These are just a few of the ways that well-intentioned use of GenAI results in an unintentional increase in risk. But blocking these technologies may limit your organization’s ability to gain a competitive edge, so that isn’t the answer either. Companies can—and should—take the time to consider how they can empower their employees to use these applications securely. Here are a few considerations:

Visibility: You can’t protect what you don’t know about. One of the biggest challenges IT teams face with unsanctioned apps is that it’s difficult to respond to security incidents promptly, increasing the potential for security breaches. Every enterprise must monitor the use of third-party GenAI apps and understand the specific risks associated with each tool. Building on the understanding of which tools are being used, IT teams need visibility into what data is flowing in and out of corporate systems. This visibility will also help detect a security breach so it can be identified and rectified quickly.
Control: IT teams need the ability to make an informed decision on whether to block, allow or limit access to third-party GenAI apps, on either a per-application basis or leveraging risk-based or categorical controls. For example, you might want to block all access to code optimization tools for all employees but allow developers to access the third-party optimization tool that your information security team has assessed and sanctioned for internal use.
Data Security: Are your teams sharing sensitive data with the apps? IT teams need to block sensitive data from leaking to protect your data against misuse and theft. This is especially important if your company is regulated or subject to data sovereignty laws.

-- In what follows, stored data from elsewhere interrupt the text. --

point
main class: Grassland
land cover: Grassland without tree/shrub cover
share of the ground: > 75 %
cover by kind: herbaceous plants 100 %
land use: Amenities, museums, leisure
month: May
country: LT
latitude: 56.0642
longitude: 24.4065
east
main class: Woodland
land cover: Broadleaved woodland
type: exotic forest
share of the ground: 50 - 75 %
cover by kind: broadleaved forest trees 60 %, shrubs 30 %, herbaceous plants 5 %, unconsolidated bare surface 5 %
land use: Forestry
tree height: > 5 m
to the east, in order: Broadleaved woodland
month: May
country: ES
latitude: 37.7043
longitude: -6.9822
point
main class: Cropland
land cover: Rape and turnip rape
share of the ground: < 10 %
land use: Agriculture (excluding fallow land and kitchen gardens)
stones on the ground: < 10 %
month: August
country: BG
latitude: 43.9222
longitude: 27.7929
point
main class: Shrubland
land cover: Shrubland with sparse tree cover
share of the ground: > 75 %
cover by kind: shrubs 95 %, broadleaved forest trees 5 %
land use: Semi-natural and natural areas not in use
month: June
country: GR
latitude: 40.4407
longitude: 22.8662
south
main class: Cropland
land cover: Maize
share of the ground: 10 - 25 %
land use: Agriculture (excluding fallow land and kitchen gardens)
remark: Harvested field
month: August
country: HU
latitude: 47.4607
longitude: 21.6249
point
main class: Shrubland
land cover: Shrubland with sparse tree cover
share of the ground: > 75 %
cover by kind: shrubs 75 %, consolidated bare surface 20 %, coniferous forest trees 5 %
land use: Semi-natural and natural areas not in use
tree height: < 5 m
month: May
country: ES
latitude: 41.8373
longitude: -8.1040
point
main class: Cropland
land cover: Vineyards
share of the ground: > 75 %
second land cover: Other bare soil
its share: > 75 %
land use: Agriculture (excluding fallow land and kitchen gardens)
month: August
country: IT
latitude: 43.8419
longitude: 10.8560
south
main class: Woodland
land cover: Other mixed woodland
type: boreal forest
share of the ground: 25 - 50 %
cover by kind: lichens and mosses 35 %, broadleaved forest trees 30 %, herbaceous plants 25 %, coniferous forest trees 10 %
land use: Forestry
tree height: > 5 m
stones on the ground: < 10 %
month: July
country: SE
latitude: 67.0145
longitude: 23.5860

In practice, this means monitoring the data being sent to GenAI apps, and then leveraging technical controls to ensure that sensitive or protected data, such as personally identifiable information or intellectual property, isn’t sent to these applications.
Threat prevention: The potential for exploits and vulnerabilities can be lurking underneath the surface of the GenAI tools being used by your teams. Given the incredibly fast rate at which many of these tools have been developed and brought to market, you often don’t know whether the model being used was built with corrupt models, trained on incorrect or malicious data, or is subject to a broad range of AI-specific vulnerabilities. It is a recommended best practice to monitor and control data flowing from the applications to your organization for malicious or suspicious activity.